» DATA FOR THIS TASK:
□ □ □ □ □ □ □
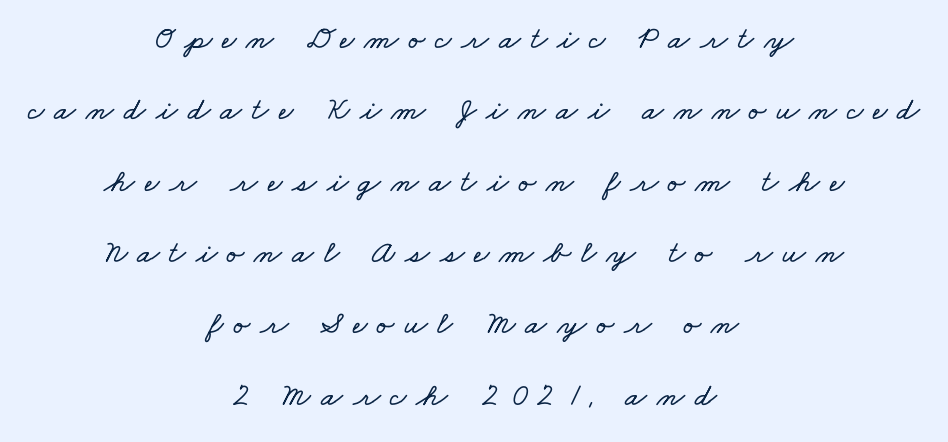
Q: Is the text underlined? A: No.
Q: How is the paragraph aligned? A: Centered.
Q: Is the spacing between letters normal or unusually wide? A: Unusually wide.
Q: Is the spacing between lines tight, normal or loose? A: Loose.
Q: Width (condensed, normal, or wide)? A: Wide.
Q: Stroke contrast? A: Low.
Q: x-height? A: Small.
Q: Monospaced? A: No.
□ □ □ □ □ □ □
» ACTION ITEM:
Copy out all the records exactly, excluding pictures.

» TASK SOLUTION:
Q: Is the text underlined? A: No.
Q: How is the paragraph aligned? A: Centered.
Q: Is the spacing between letters normal or unusually wide? A: Unusually wide.
Q: Is the spacing between lines tight, normal or loose? A: Loose.
Q: Width (condensed, normal, or wide)? A: Wide.
Q: Stroke contrast? A: Low.
Q: x-height? A: Small.
Q: Monospaced? A: No.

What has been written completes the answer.